*** Opening of THE DATA ***

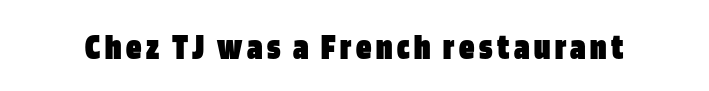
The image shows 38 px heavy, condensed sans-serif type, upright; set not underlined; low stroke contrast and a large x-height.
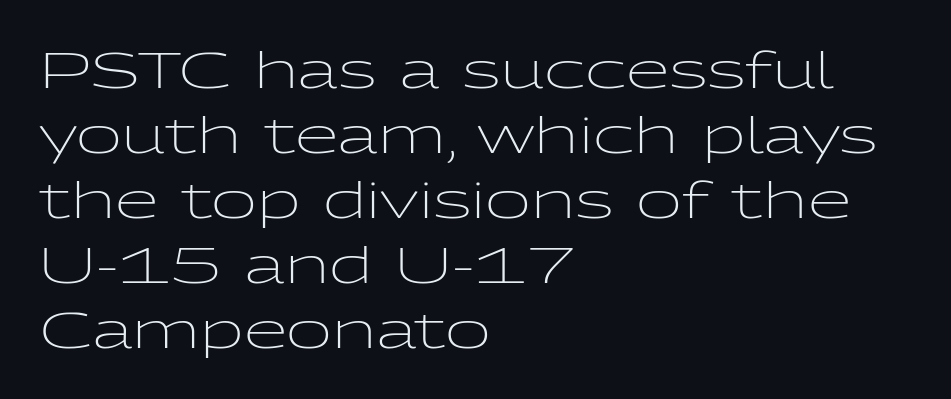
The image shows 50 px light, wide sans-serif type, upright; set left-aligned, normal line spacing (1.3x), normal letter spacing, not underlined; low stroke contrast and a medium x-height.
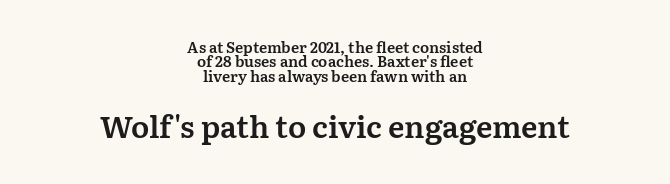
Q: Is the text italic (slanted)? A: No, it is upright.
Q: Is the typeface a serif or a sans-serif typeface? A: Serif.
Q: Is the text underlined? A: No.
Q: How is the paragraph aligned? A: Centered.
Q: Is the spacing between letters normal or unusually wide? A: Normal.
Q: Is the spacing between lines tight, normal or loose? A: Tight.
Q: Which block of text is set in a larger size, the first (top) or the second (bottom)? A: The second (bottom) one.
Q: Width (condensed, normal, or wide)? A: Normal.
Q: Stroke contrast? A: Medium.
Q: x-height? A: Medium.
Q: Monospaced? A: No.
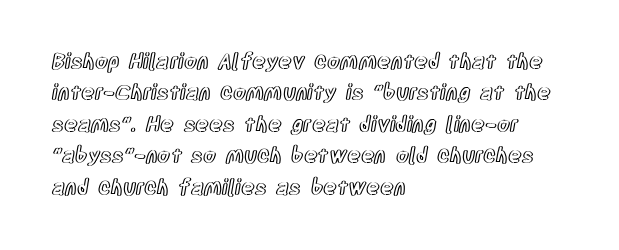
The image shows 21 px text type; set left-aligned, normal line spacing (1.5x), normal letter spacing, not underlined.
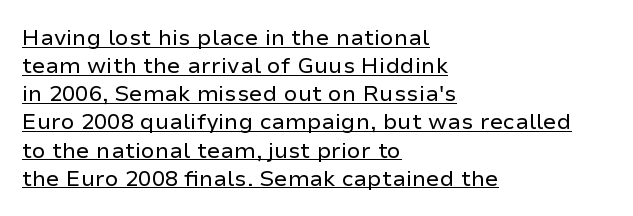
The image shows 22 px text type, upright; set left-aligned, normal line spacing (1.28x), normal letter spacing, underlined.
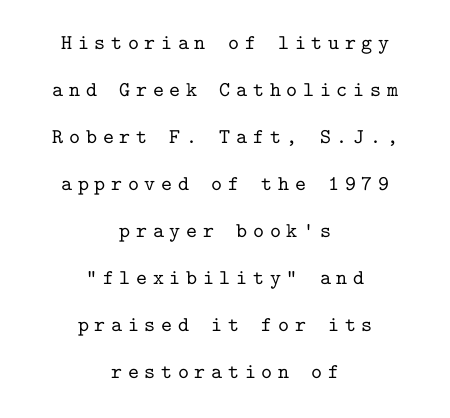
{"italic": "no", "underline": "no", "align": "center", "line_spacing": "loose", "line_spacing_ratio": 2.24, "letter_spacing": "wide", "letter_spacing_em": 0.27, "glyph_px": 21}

*** Close of THE DATA ***

▶ WHAT THE TASK ASKS
Using the listing above, say how many of its lines contain "height", and give no other words.

▶ SOLUTION TO THE PROBLEM
3